# Alum or Carbon for indoor FITA



## michigan ken (Mar 25, 2007)

After being out of the sport for a number of years due to work obligations, I finally got the opportunity to jump back in to it full force last year. I purchased a 1/2 doz. x-jammers from a friend and was very pleased with the results. Well it's time to buy more arrows and I was wondering if I am giving up any thing by shooting .003 streightness vs. .001 in a X7, or will the carbons be more consistent over time? I want to spend my money wisely. Thanks for your opinions.


----------



## DRFrance (Feb 4, 2006)

*Ratings are improved*

The ratings are improving for your arrows... and they last longer in the target butts.
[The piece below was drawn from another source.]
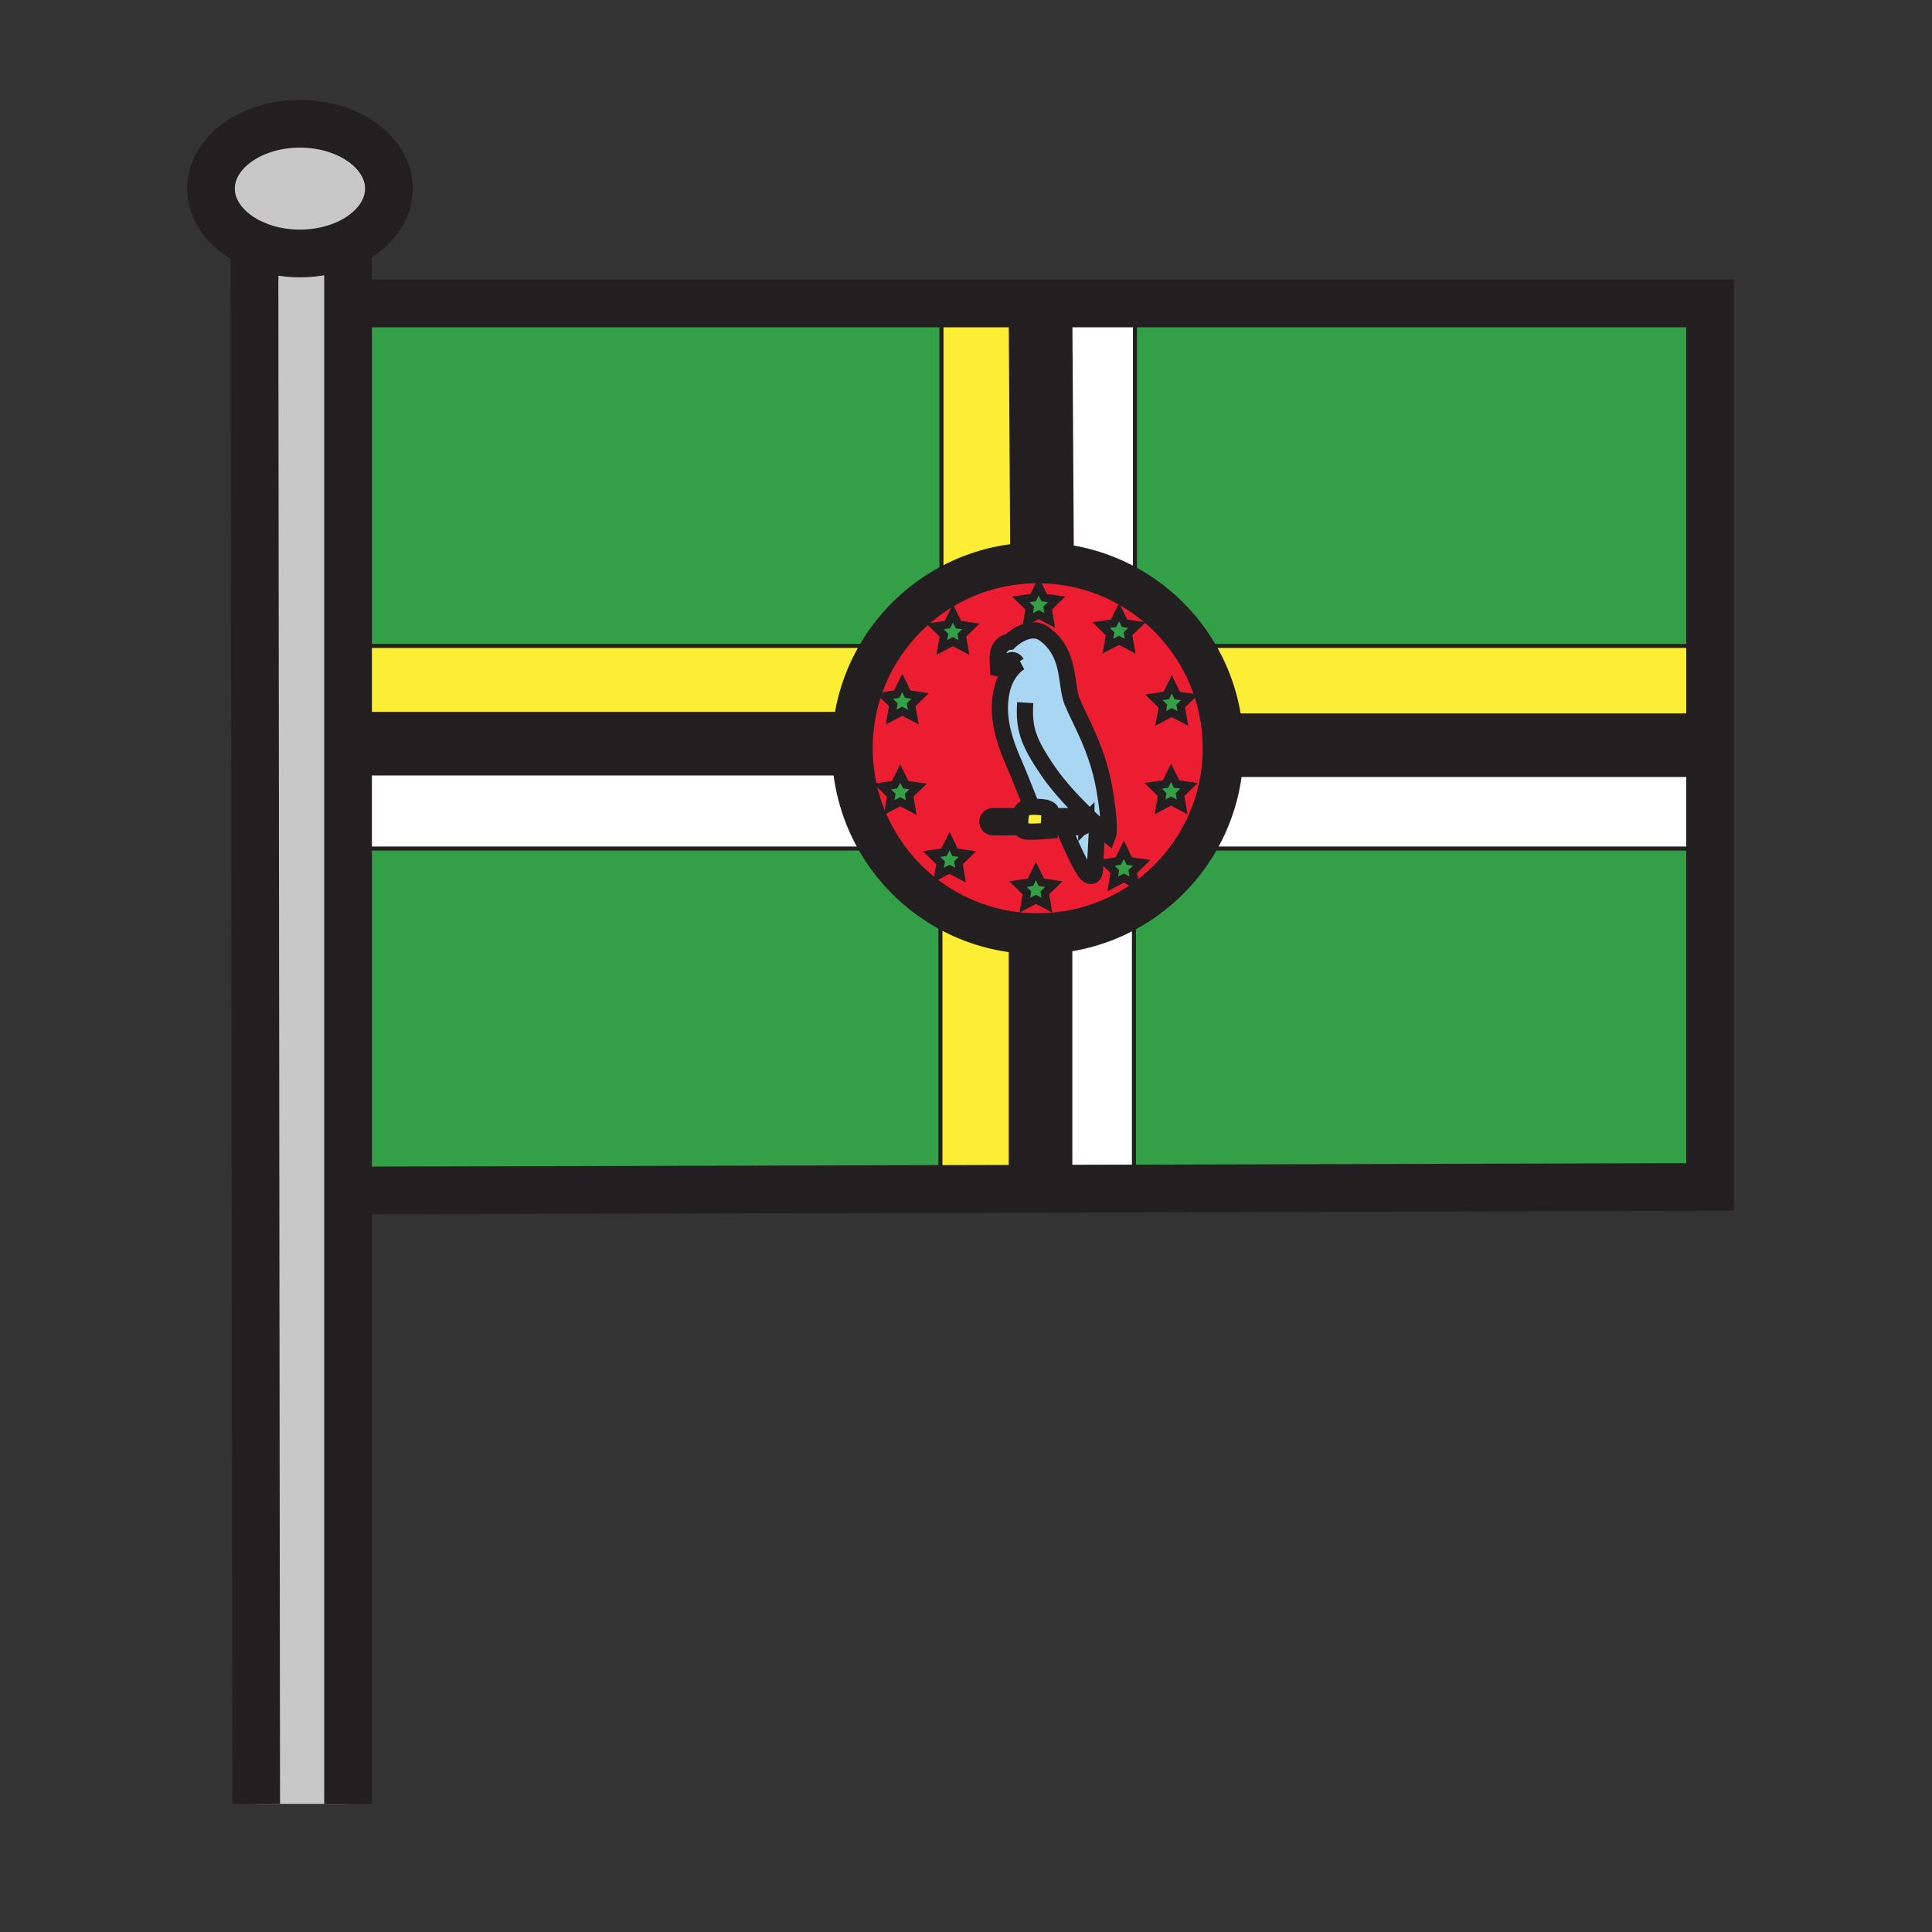 <svg xmlns="http://www.w3.org/2000/svg" width="850.394" height="850.394" viewBox="0 0 850.394 850.394" overflow="visible"><rect x="0" y="0" width="850.394" height="850.394" fill="#333333" stroke="none"/><path d="M752.73 373.5v148.96l-253.601.66-.01-2.44V399.13a82.051 82.051 0 0 0 26.3-25.64l.021.01h227.29z" fill="#33a048"/><path d="M752.73 328v45.5H525.44l-.021-.01c8.2-12.72 12.95-27.88 12.95-44.14 0-.42 0-.85-.021-1.27L544 328h208.73z" fill="#fff"/><path d="M752.73 284.31V328H544l-5.65.08a81.052 81.052 0 0 0-13.34-43.49l.431-.28H752.73z" fill="#fbee34"/><path d="M752.73 133.57v150.74H525.44l-.431.28a81.98 81.98 0 0 0-27.63-26.04l2.19-.11V133.57H752.73z" fill="#33a048"/><path d="M499.12 399.13c-12.021 7.32-26.09 11.61-41.14 11.82-.41.02-.811.02-1.221.02-15.52 0-30.029-4.33-42.38-11.86a81.861 81.861 0 0 1-26.54-26.02c-8.04-12.64-12.7-27.65-12.7-43.74 0-.66.01-1.31.03-1.97a81.174 81.174 0 0 1 13.47-43 81.821 81.821 0 0 1 25.75-24.79c12.35-7.52 26.85-11.85 42.37-11.85.63 0 1.25.01 1.88.03 14.091.31 27.29 4.2 38.74 10.78a81.98 81.98 0 0 1 27.63 26.04 81.069 81.069 0 0 1 13.34 43.49c.021.42.021.85.021 1.27 0 16.26-4.75 31.42-12.95 44.14a82.051 82.051 0 0 1-26.3 25.64zm20.58-88.34l3.95-3.85-5.45-.78-2.431-4.94-2.439 4.94-5.45.78 3.94 3.85-.931 5.42 4.88-2.56 4.87 2.56-.939-5.42zm-.3 38.95l3.949-3.85-5.449-.78-2.431-4.94-2.439 4.94-5.45.78 3.939 3.85-.93 5.42 4.88-2.56 4.87 2.56-.939-5.42zm-20.81 33.89l3.95-3.84-5.45-.79-2.42-4.94-2.44 4.94-5.45.79 3.93 3.84-.92 5.43 4.88-2.56 4.86 2.56-.94-5.43zm-2.09-104.66l3.95-3.84-5.45-.79-2.43-4.93-2.431 4.93-5.449.79 3.93 3.84-.92 5.43 4.87-2.56 4.87 2.56-.94-5.43zm-8.75 88.51s1.34-3.57-1.78-20.96-10.93-29.88-14.05-37.68c-3.12-7.81-.45-20.96-12.04-29.66-7.03-5.27-15.61 3.34-15.61 3.34s-5.479.34-5.13 7.81c.221 4.68.221 6.69.221 6.69s5.06-10.04 8.18-5.13l.84.05c-1.76 1.22-5.939 4.85-7.52 12.44-2.83 13.53 3.12 26.01 6.39 33.74 3.26 7.73 6.38 15.91 6.38 15.91l.12 1.11c-1.93.18-3.7.77-4.13 2.31-.18.63-.311 1.26-.39 1.89l-.65-.11H437.06c-.68 0-1.29.27-1.729.72a2.454 2.454 0 0 0 1.729 4.19h11.221l1.13-.25c.28.94.75 1.62 1.399 1.89 1.79.74 11.011-.15 11.011-.15s-.04-.61-.07-1.5l.96.01h5.5v.15s8.021 20.07 11.15 21.11c3.12 1.04 2.6-3.53 2.819-7.44.301-5.2.74-14.56.74-14.56l.12-.13c2.84 2.62 4.71 4.21 4.71 4.21zm-26.62-99.81l3.94-3.84-5.45-.79-2.42-4.93-2.44 4.93-5.45.79 3.94 3.84-.93 5.43 4.88-2.56 4.859 2.56-.929-5.43zM459.9 393l3.939-3.84-5.45-.79-2.42-4.94-2.439 4.94-5.45.79 3.939 3.84-.93 5.43 4.88-2.57 4.86 2.57-.929-5.43zm-36.54-113.43l3.95-3.84-5.45-.79-2.43-4.94-2.43 4.94-5.45.79 3.93 3.84-.92 5.42 4.87-2.56 4.87 2.56-.94-5.42zm-1.48 100.2l3.94-3.85-5.45-.78-2.42-4.94-2.44 4.94-5.45.78 3.94 3.85-.93 5.42 4.88-2.56 4.86 2.56-.93-5.42zm-20.81-69.58l3.94-3.84-5.45-.79-2.42-4.94-2.44 4.94-5.45.79 3.93 3.84-.92 5.43 4.88-2.56 4.86 2.56-.93-5.43zm-.9 39.84l3.95-3.84-5.45-.79-2.43-4.93-2.44 4.93-5.45.79 3.94 3.84-.92 5.43 4.87-2.56 4.87 2.56-.94-5.43z" fill="#ed1d31"/><path fill="#33a048" d="M523.65 306.94l-3.95 3.85.94 5.42-4.87-2.56-4.88 2.56.93-5.42-3.94-3.85 5.45-.78 2.44-4.94 2.43 4.94zM523.35 345.89l-3.95 3.85.94 5.42-4.87-2.56-4.88 2.56.93-5.42-3.94-3.85 5.45-.78 2.44-4.94 2.43 4.94zM502.54 379.79l-3.95 3.84.94 5.43-4.86-2.56-4.88 2.56.92-5.43-3.93-3.84 5.45-.79 2.44-4.94 2.42 4.94zM500.45 275.13l-3.95 3.84.94 5.43-4.87-2.56-4.87 2.56.92-5.43-3.93-3.84 5.45-.79 2.43-4.93 2.43 4.93z"/><path d="M499.57 134.91v123.53l-2.19.11a81.115 81.115 0 0 0-38.74-10.78l.03-2.44L458 138v-4.43h41.57v1.34zM499.12 520.68l.01 2.44-41.12.1L458 518V412.67l-.02-1.72c15.05-.21 29.119-4.5 41.14-11.82v121.55z" fill="#fff"/><path d="M448.38 291.94l-.84-.05c-3.12-4.91-8.18 5.13-8.18 5.13s0-2.01-.221-6.69c-.35-7.47 5.13-7.81 5.13-7.81s8.58-8.61 15.61-3.34c11.59 8.7 8.92 21.85 12.04 29.66 3.12 7.8 10.93 20.29 14.05 37.68s1.78 20.96 1.78 20.96-1.87-1.59-4.71-4.21c-1.07-.97-2.26-2.09-3.55-3.33l-2.05.01a2.419 2.419 0 0 0-1.73-.72H463l-1.02-.16c.109-.54.239-1 .43-1.32 1.189-2.09-4.46-2.53-4.46-2.53l-.01.04c-1.141-.13-2.71-.24-4.19-.12l-.12-1.11s-3.12-8.18-6.38-15.91c-3.27-7.73-9.22-20.21-6.39-33.74 1.58-7.59 5.76-11.22 7.52-12.44z" fill="#a9d7f3"/><path d="M483.04 363.27l-.12.13s-.439 9.36-.74 14.56c-.22 3.91.301 8.48-2.819 7.44-3.13-1.04-11.15-21.11-11.15-21.11v-.15h7.5a2.459 2.459 0 0 0 2.45-2.45c0-.68-.28-1.29-.72-1.74l2.05-.01c1.289 1.24 2.479 2.36 3.549 3.33z" fill="#a9d7f3"/><path fill="#33a048" d="M465.07 263.83l-3.94 3.84.93 5.43-4.86-2.56-4.88 2.56.93-5.43-3.94-3.84 5.45-.79 2.44-4.93 2.42 4.93zM463.84 389.16L459.9 393l.93 5.43-4.86-2.57-4.88 2.57.93-5.43-3.94-3.84 5.45-.79 2.44-4.94 2.42 4.94z"/><path d="M457.94 355.26l.01-.04s5.649.44 4.46 2.53c-.19.32-.32.78-.43 1.32-.28 1.51-.28 3.64-.23 5.06.03.89.07 1.5.07 1.5s-9.221.89-11.011.15c-.649-.27-1.119-.95-1.399-1.89-.38-1.2-.44-2.83-.18-4.55.079-.63.21-1.26.39-1.89.43-1.54 2.2-2.13 4.13-2.31 1.48-.12 3.05-.01 4.19.12zM458 138l.67 107.33-.03 2.44c-.63-.02-1.25-.03-1.88-.03-15.52 0-30.02 4.33-42.37 11.85V133.57H458V138zM458 518l.01 5.22-44.07.12V399.82l.44-.71c12.351 7.53 26.86 11.86 42.38 11.86.41 0 .811 0 1.221-.02l.02 1.72V518z" fill="#fbee34"/><path fill="#33a048" d="M427.31 275.73l-3.95 3.84.94 5.42-4.87-2.56-4.87 2.56.92-5.42-3.93-3.84 5.45-.79 2.43-4.94 2.43 4.94zM425.82 375.92l-3.94 3.85.93 5.42-4.86-2.56-4.88 2.56.93-5.42-3.94-3.85 5.45-.78 2.44-4.94 2.42 4.94zM414.39 137.58v122.01a81.821 81.821 0 0 0-25.75 24.79l-.11-.07H153.2V133.57h261.19v4.01zM414.38 399.11l-.44.71v123.52L158 524h-4.8V373.5h233.98l.66-.41a81.861 81.861 0 0 0 26.54 26.02zM405.01 306.35l-3.94 3.84.93 5.43-4.86-2.56-4.88 2.56.92-5.43-3.93-3.84 5.45-.79 2.44-4.94 2.42 4.94zM404.12 346.19l-3.95 3.84.94 5.43-4.87-2.56-4.87 2.56.92-5.43-3.94-3.84 5.45-.79 2.44-4.93 2.43 4.93z"/><path d="M388.53 284.31l.11.07a81.174 81.174 0 0 0-13.47 43l-3.84-.05H153.2v-43.02h235.33z" fill="#fbee34"/><path d="M387.84 373.09l-.66.41H153.2v-46.17h218.13l3.84.05c-.02.66-.03 1.31-.03 1.97 0 16.09 4.66 31.1 12.7 43.74z" fill="#fff"/><path d="M153.2 107.04c-6.11 2.87-13.38 4.53-21.18 4.53-7.32 0-14.16-1.46-20.02-4.01-11.46-4.98-19.14-14.1-19.14-24.54 0-15.76 17.53-28.54 39.16-28.54s39.17 12.78 39.17 28.54c0 10.08-7.17 18.94-17.99 24.02z" fill="#c8c8c8"/><path d="M153.2 284.31v509.68h-40.44L112 107.56c5.86 2.55 12.7 4.01 20.02 4.01 7.8 0 15.07-1.66 21.18-4.53v177.27z" fill="#c8c8c8"/><g fill="none" stroke="#231f20"><path stroke-width="21" d="M155.72 133.57h597.01v388.89l-253.6.66-41.12.1-44.07.12L158 524M112 107.56c-11.46-4.98-19.14-14.1-19.14-24.54 0-15.76 17.53-28.54 39.16-28.54s39.17 12.78 39.17 28.54c0 10.08-7.17 18.94-17.99 24.02-6.11 2.87-13.38 4.53-21.18 4.53-7.32 0-14.16-1.46-20.02-4.01z"/><path stroke-width="21" d="M112 106v1.56l.76 686.43M153.2 105.17v688.82"/><path d="M538.35 328.08c.021.42.021.85.021 1.27 0 16.26-4.75 31.42-12.95 44.14a82.051 82.051 0 0 1-26.3 25.64c-12.021 7.32-26.09 11.61-41.14 11.82-.41.02-.811.02-1.221.02-15.52 0-30.029-4.33-42.38-11.86a81.861 81.861 0 0 1-26.54-26.02c-8.04-12.64-12.7-27.65-12.7-43.74 0-.66.01-1.31.03-1.97a81.174 81.174 0 0 1 13.47-43 81.821 81.821 0 0 1 25.75-24.79c12.35-7.52 26.85-11.85 42.37-11.85.63 0 1.25.01 1.88.03 14.091.31 27.29 4.2 38.74 10.78a81.98 81.98 0 0 1 27.63 26.04 81.069 81.069 0 0 1 13.34 43.49z" stroke-width="18"/><path stroke-width="3.568" d="M457.2 258.11l2.42 4.93 5.45.79-3.94 3.84.93 5.43-4.86-2.56-4.88 2.56.93-5.43-3.94-3.84 5.45-.79zM492.57 269.41l2.43 4.93 5.45.79-3.95 3.84.94 5.43-4.87-2.56-4.87 2.56.92-5.43-3.93-3.84 5.45-.79zM419.43 270l2.43 4.94 5.45.79-3.95 3.84.94 5.42-4.87-2.56-4.87 2.56.92-5.42-3.93-3.84 5.45-.79zM397.14 300.62l2.42 4.94 5.45.79-3.94 3.84.93 5.43-4.86-2.56-4.88 2.56.92-5.43-3.93-3.84 5.45-.79zM396.24 340.47l2.43 4.93 5.45.79-3.95 3.84.94 5.43-4.87-2.56-4.87 2.56.92-5.43-3.94-3.84 5.45-.79zM417.95 370.2l2.42 4.94 5.45.78-3.94 3.85.93 5.42-4.86-2.56-4.88 2.56.93-5.42-3.94-3.85 5.45-.78zM515.77 301.22l2.43 4.94 5.45.78-3.95 3.85.94 5.42-4.87-2.56-4.88 2.56.93-5.42-3.94-3.85 5.45-.78zM515.47 340.17l2.43 4.94 5.45.78-3.95 3.85.94 5.42-4.87-2.56-4.88 2.56.93-5.42-3.94-3.85 5.45-.78zM494.67 374.06l2.42 4.94 5.45.79-3.95 3.84.94 5.43-4.86-2.56-4.88 2.56.92-5.43-3.93-3.84 5.45-.79zM455.97 383.43l2.42 4.94 5.45.79-3.94 3.84.93 5.43-4.86-2.57-4.88 2.57.93-5.43-3.94-3.84 5.45-.79z"/><path d="M451.26 309.28c-.67 11.15.971 16.8 10.11 30.18 5 7.32 12.42 15.01 18.12 20.48 1.29 1.24 2.479 2.36 3.55 3.33 2.84 2.62 4.71 4.21 4.71 4.21s1.34-3.57-1.78-20.96-10.93-29.88-14.05-37.68c-3.12-7.81-.45-20.96-12.04-29.66-7.03-5.27-15.61 3.34-15.61 3.34s-5.479.34-5.13 7.81c.221 4.68.221 6.69.221 6.69s5.06-10.04 8.18-5.13" stroke-width="7.136"/><path d="M449.17 291.44s-.3.16-.79.5c-1.76 1.22-5.939 4.85-7.52 12.44-2.83 13.53 3.12 26.01 6.39 33.74 3.26 7.73 6.38 15.91 6.38 15.91M468.21 364.29s8.021 20.07 11.15 21.11c3.12 1.04 2.6-3.53 2.819-7.44.301-5.2.74-14.56.74-14.56M448.28 364.14h-11.22a2.453 2.453 0 0 1-1.729-4.19c.439-.45 1.05-.72 1.729-.72h11.521" stroke-width="7.136"/><path d="M463 359.23h12.71c.67 0 1.29.27 1.73.72.439.45.72 1.06.72 1.74a2.459 2.459 0 0 1-2.45 2.45h-13M459.59 355.52s-.66-.13-1.649-.25v-.01c-1.141-.13-2.71-.24-4.19-.12-1.93.18-3.7.77-4.13 2.31-.18.63-.311 1.26-.39 1.89-.261 1.72-.2 3.35.18 4.55.28.94.75 1.62 1.399 1.89 1.79.74 11.011-.15 11.011-.15s-.04-.61-.07-1.5c-.05-1.42-.05-3.55.23-5.06.109-.54.239-1 .43-1.32 1.189-2.09-4.46-2.53-4.46-2.53" stroke-width="7.136"/><path stroke-width="28" d="M544 328h206M157.33 327.33h214M458 412.67V518M458 138l.67 107.33"/><path stroke-width="1.784" d="M414.39 137.58v123.54M499.57 134.91v123.53M413.94 399.82v123.53M499.12 397.14V520.68M525.44 284.31H760.02M152.6 284.31h235.93M525.44 373.5H758.68M154.83 373.5h232.35"/></g><path fill="none" d="M0 0h850.394v850.394H0z"/></svg>

I seem to get much longer life from my X-Jammers as well.

Good luck


----------



## AT_X_HUNTER (Aug 10, 2005)

Personally I get way more life out of my carbons. I would go through a dozen alums a year. I still have my first set of carbons. last year I went to CX with the X-Jammers and I haven't looked back.


----------



## michigan ken (Mar 25, 2007)

Thanks for your posts.


----------



## field14 (May 21, 2002)

The GoldTip 22-series, in the Ultra-lite Pro's have the same tolerances as the ACC....0.001

"Large diameter shafts don’t have to be heavy. Nor do lightweight shafts have to be week. The Ultralight Series 22 is the perfect marriage of light weight, large diameter and Gold Tip toughness. When tested against other large diameter carbon shafts, the Ultralight Series 22 has shown nearly double the impact strength, and at an amazing 7.3grains per inch. Ultralight Series 22 arrows are available in two grades, the standard Ultralight at +/-005” and the _Ultralight Pro at +/-.001”, and are FITA legal at a .338” outside diameter."_

Here's the GoldTip link.....just offering up another carbon arrow possibility.

http://www.goldtip.com/products/family.asp?cid=5-1D2A3285-C550-4D31-970B-C46174815B46&rnd=240664640

field14


----------